Extract from the entries below, exactly as given, only the lines from the line containing "0.59 | -25 |" to the line containing "0.57 | 10 |", both lines included.
*** MATERIAL FOR THE TASK Section Begins ***
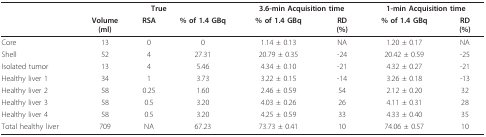
|  | <COLSPAN=3> True | <COLSPAN=2> 3.6-min Acquisition time | <COLSPAN=2> 1-min Acquisition time |
 |  | Volume(ml) | RSA | % of 1.4 GBq | % of 1.4 GBq | RD(%) | % of 1.4 GBq | RD(%) |
 | --- | --- | --- | --- | --- | --- | --- | --- |
 | Core | 13 | 0 | 0 | 1.14 ± 0.13 | NA | 1.20 ± 0.17 | NA |
 | Shell | 52 | 4 | 27.31 | 20.79 ± 0.35 | -24 | 20.42 ± 0.59 | -25 |
 | Isolated tumor | 13 | 4 | 5.46 | 4.34 ± 0.10 | -21 | 4.32 ± 0.27 | -21 |
 | Healthy liver 1 | 34 | 1 | 3.73 | 3.22 ± 0.15 | -14 | 3.26 ± 0.18 | -13 |
 | Healthy liver 2 | 58 | 0.25 | 1.60 | 2.46 ± 0.59 | 54 | 2.12 ± 0.20 | 32 |
 | Healthy liver 3 | 58 | 0.5 | 3.20 | 4.03 ± 0.26 | 26 | 4.11 ± 0.31 | 28 |
 | Healthy liver 4 | 58 | 0.5 | 3.20 | 4.25 ± 0.59 | 33 | 4.33 ± 0.40 | 35 |
 | Total healthy liver | 709 | NA | 67.23 | 73.73 ± 0.41 | 10 | 74.06 ± 0.57 | 10 |
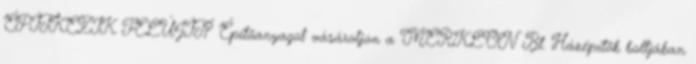
ÉPÍTKEZIK FELÚJÍT? Építõanyagot vásároljon a MERKLON Bt. Házépítõk boltjában
*** MATERIAL FOR THE TASK Section Ends ***
**SOLVED PROBLEM**
 | Shell | 52 | 4 | 27.31 | 20.79 ± 0.35 | -24 | 20.42 ± 0.59 | -25 |
 | Isolated tumor | 13 | 4 | 5.46 | 4.34 ± 0.10 | -21 | 4.32 ± 0.27 | -21 |
 | Healthy liver 1 | 34 | 1 | 3.73 | 3.22 ± 0.15 | -14 | 3.26 ± 0.18 | -13 |
 | Healthy liver 2 | 58 | 0.25 | 1.60 | 2.46 ± 0.59 | 54 | 2.12 ± 0.20 | 32 |
 | Healthy liver 3 | 58 | 0.5 | 3.20 | 4.03 ± 0.26 | 26 | 4.11 ± 0.31 | 28 |
 | Healthy liver 4 | 58 | 0.5 | 3.20 | 4.25 ± 0.59 | 33 | 4.33 ± 0.40 | 35 |
 | Total healthy liver | 709 | NA | 67.23 | 73.73 ± 0.41 | 10 | 74.06 ± 0.57 | 10 |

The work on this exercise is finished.